Justement, si la Fédération internationale de gymnastique ou de volleyball vient vers vous et vous dit que, d'accord, le Léman c'est joli et les filets de perches sont les meilleurs du monde, mais que l'Arabie saoudite c'est sympa aussi pour y avoir son siège international, vous lui répondez quoi?
Nous avons des arguments en termes d'accompagnement et d'installation, notamment en termes de fiscalité, autant de données qui sont connues. On ne va pas aller au-delà de ce que l'on fait aujourd'hui. Mais on va renforcer les moyens.

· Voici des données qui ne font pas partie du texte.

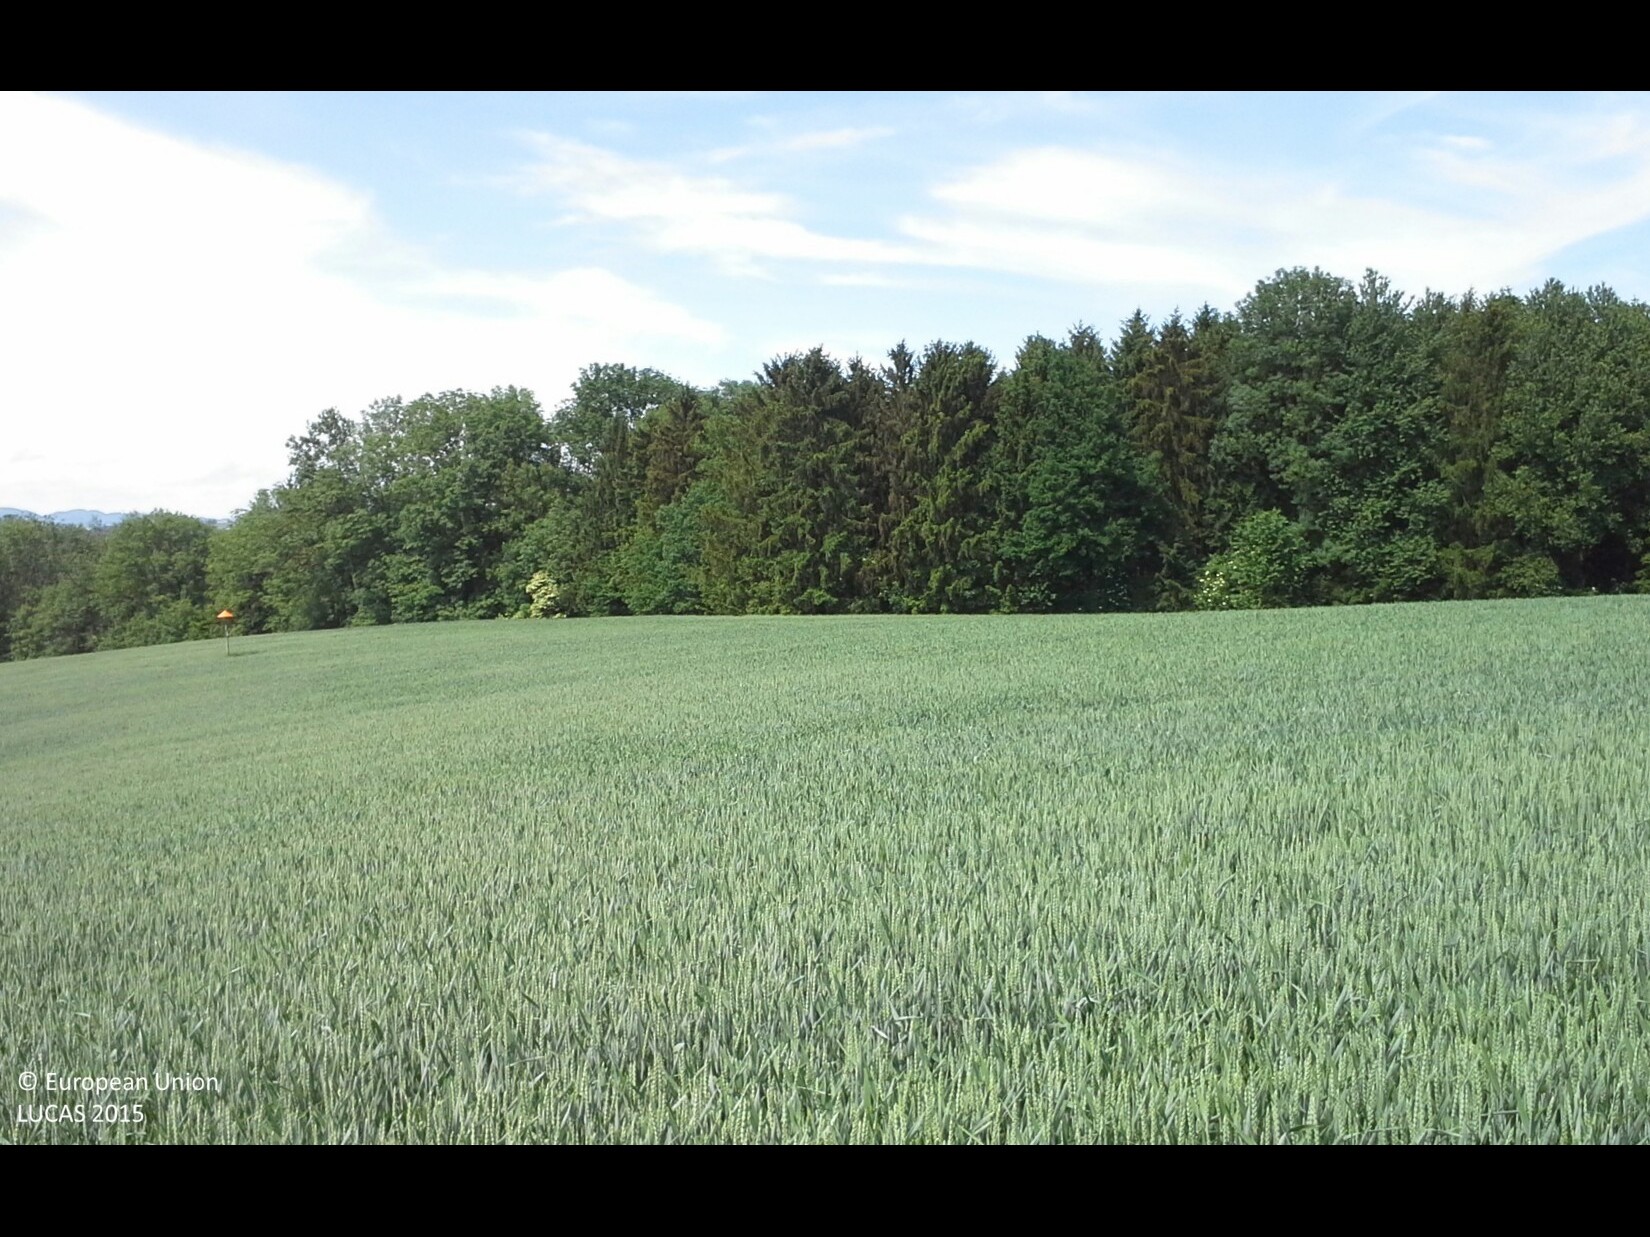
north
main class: Cropland
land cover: Common wheat
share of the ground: > 75 %
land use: Agriculture (excluding fallow land and kitchen gardens)
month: June
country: AT
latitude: 48.1539
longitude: 14.8266
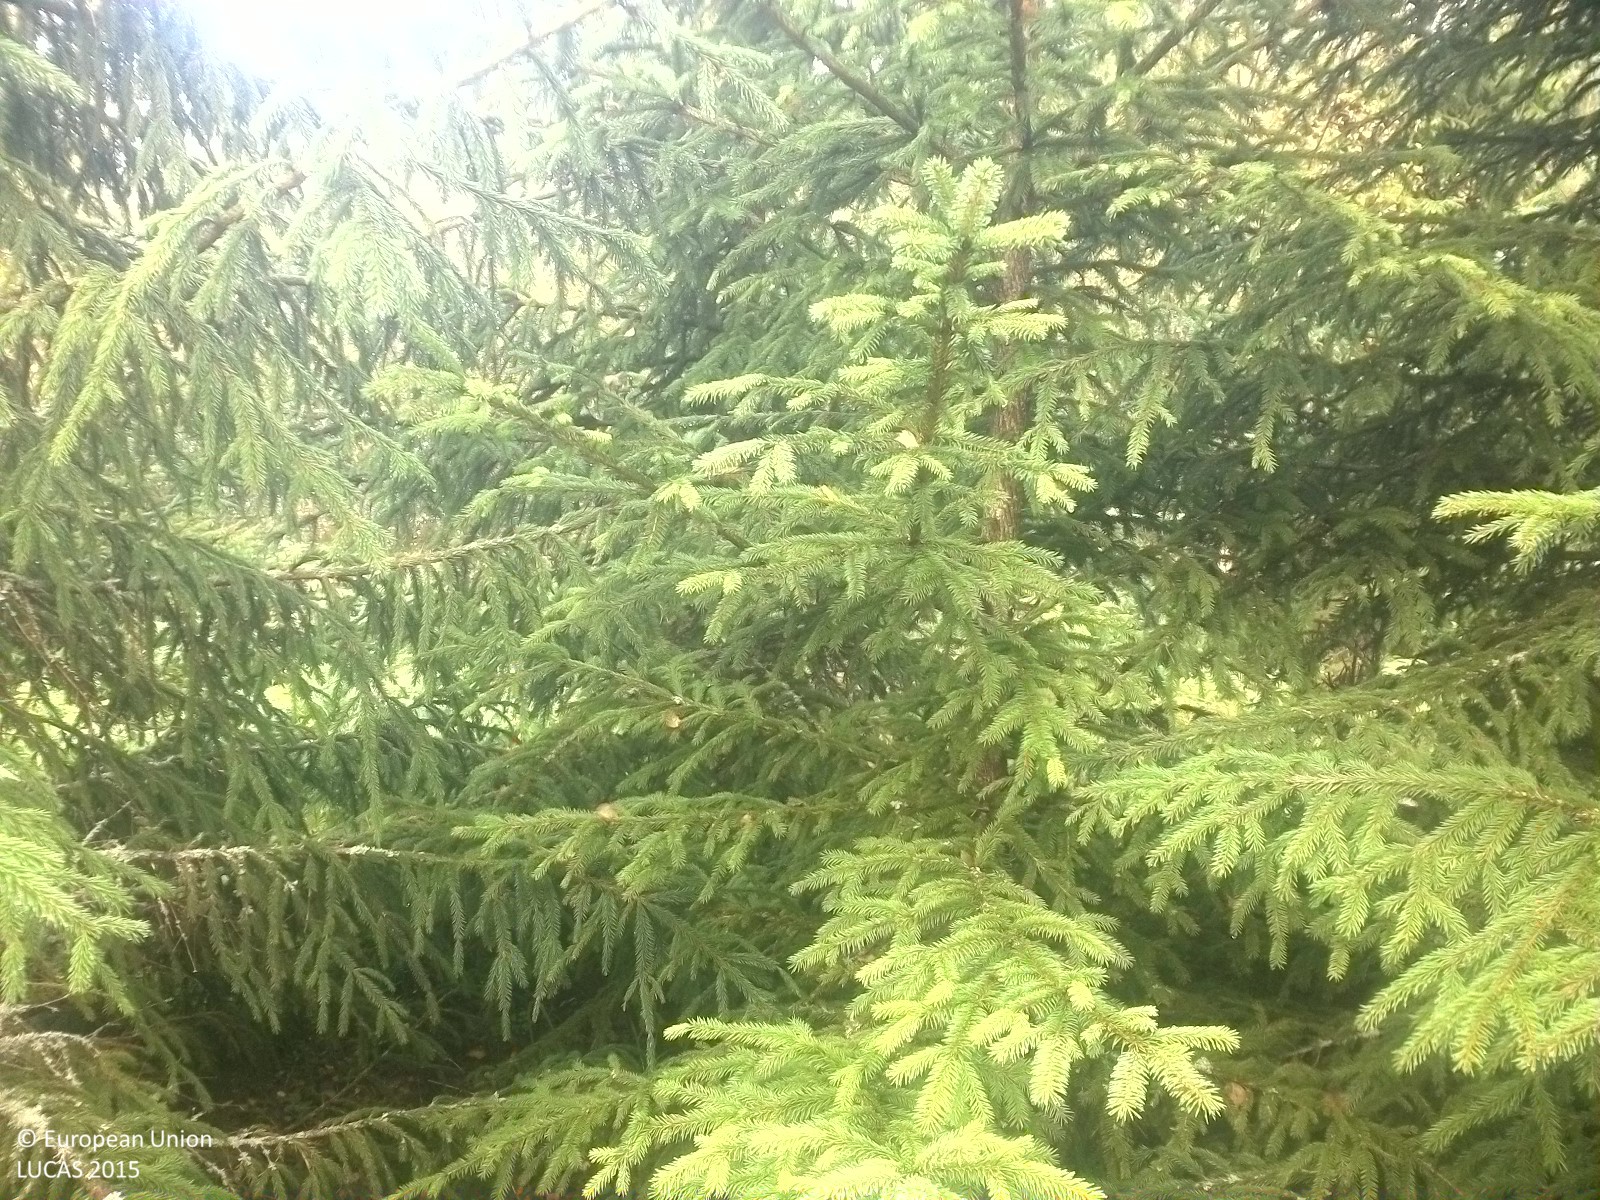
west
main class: Woodland
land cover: Other mixed woodland
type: boreal forest
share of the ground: 25 - 50 %
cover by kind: herbaceous plants 40 %, coniferous forest trees 25 %, lichens and mosses 20 %, broadleaved forest trees 15 %
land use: Forestry
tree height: < 5 m
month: September
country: SE
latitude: 59.3461
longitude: 15.6363
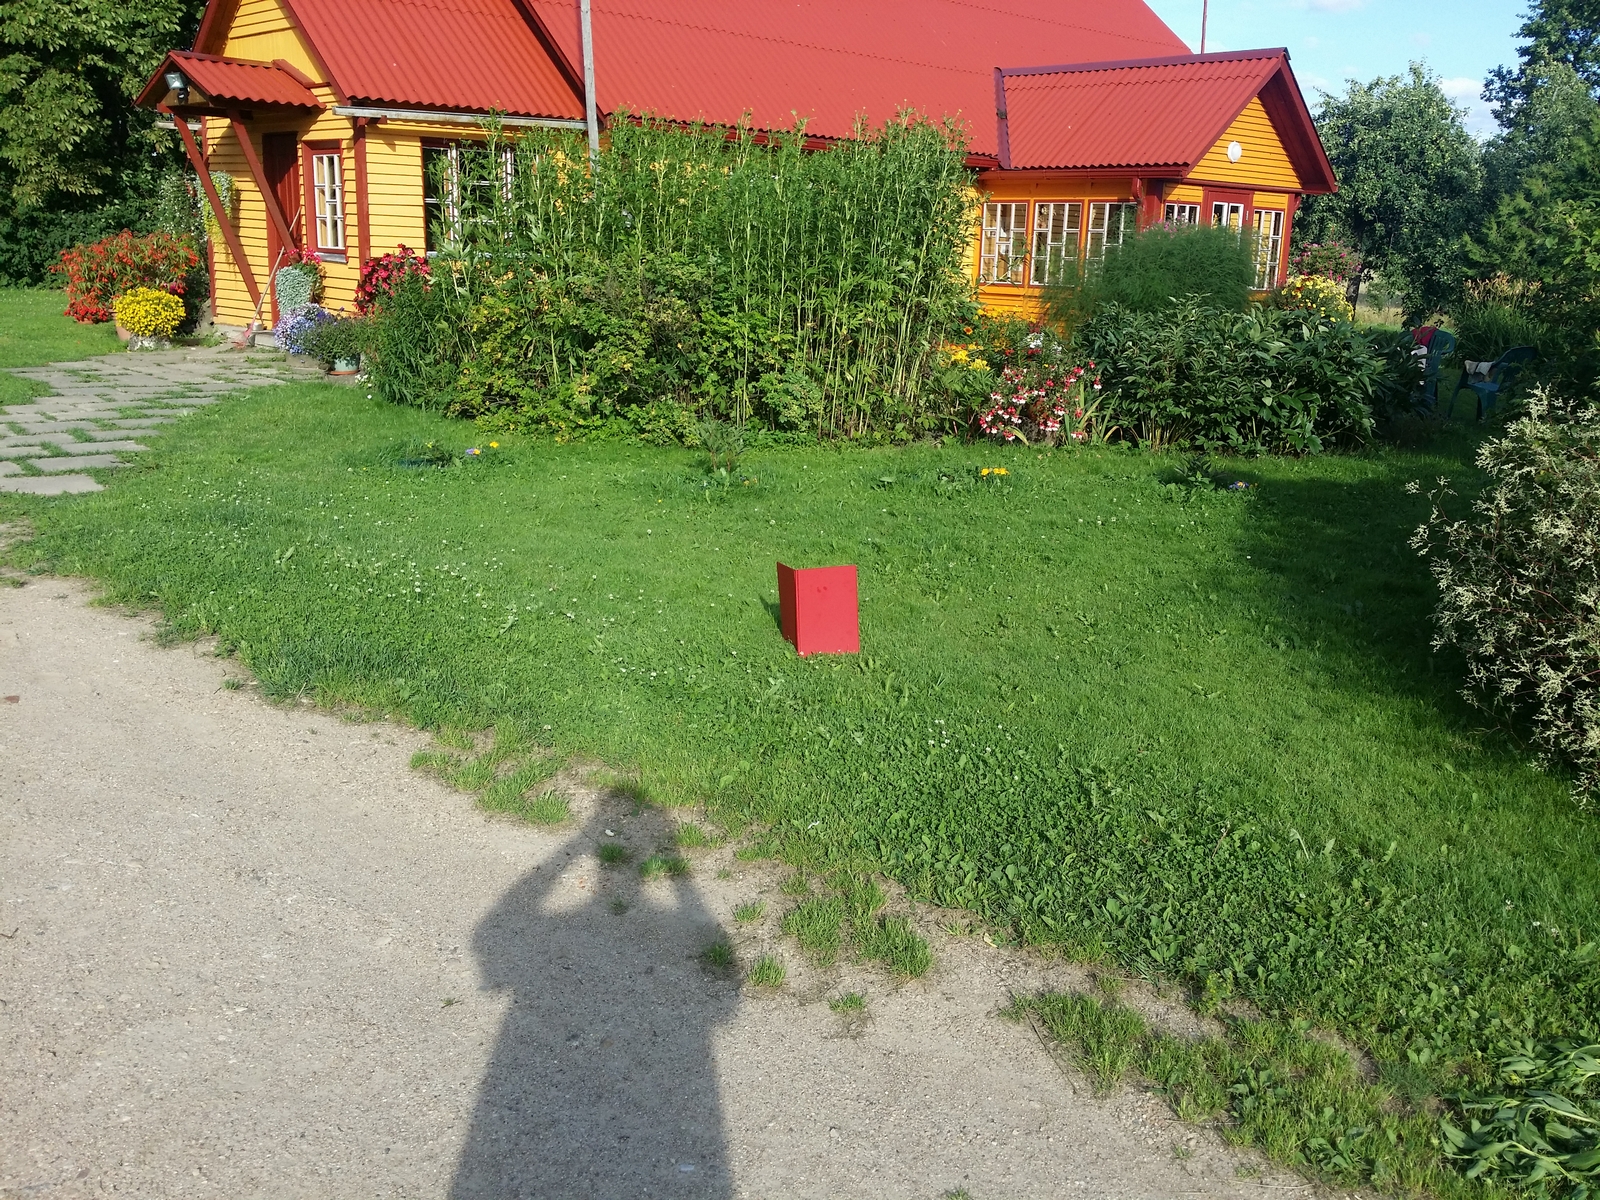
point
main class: Grassland
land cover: Grassland without tree/shrub cover
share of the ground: > 75 %
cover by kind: herbaceous plants 100 %
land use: Residential
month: July
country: LV
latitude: 57.1818
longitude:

Quelle ligne rouge ne franchirez-vous jamais?
On sait que, par exemple, des pays voisins souhaitent défiscaliser les collaborateurs des fédérations. C'est quelque chose que l'on ne fera jamais. Mais on peut accompagner avec des aides au moment de l'installation dans les bâtiments, pour les loyers ou des choses comme ça, on peut aider afin de trouver des logements pour les collaborateurs. Nous misons sur nos compétences et sur l'écosystème du canton de Vaud. Nous avons le CIO, c'est un élément phare pour les fédérations, et puis les hautes écoles, l'université, l'EPFL... En termes d'innovation et de recherche, ce sont des éléments très intéressants. Nous avons aussi des compétences en termes de durabilité, nous avons l'Observatoire mondial pour les femmes et le sport, autant d'éléments qui prennent de plus en plus d'importance dans le sport international et qui jouent en notre faveur. La neutralité de la Suisse, son accueil et ses conditions de vie sont un atout que l'on peut mettre en avant. En revanche, si la question est purement d'ordre financier, c'est sûr qu'on ne va pas pouvoir régater et qu'on n'entrera pas compétition avec d'autres pays si ce critère est le seul absolument déterminant. Nous n'allons jamais entrer dans le jeu de la surenchète.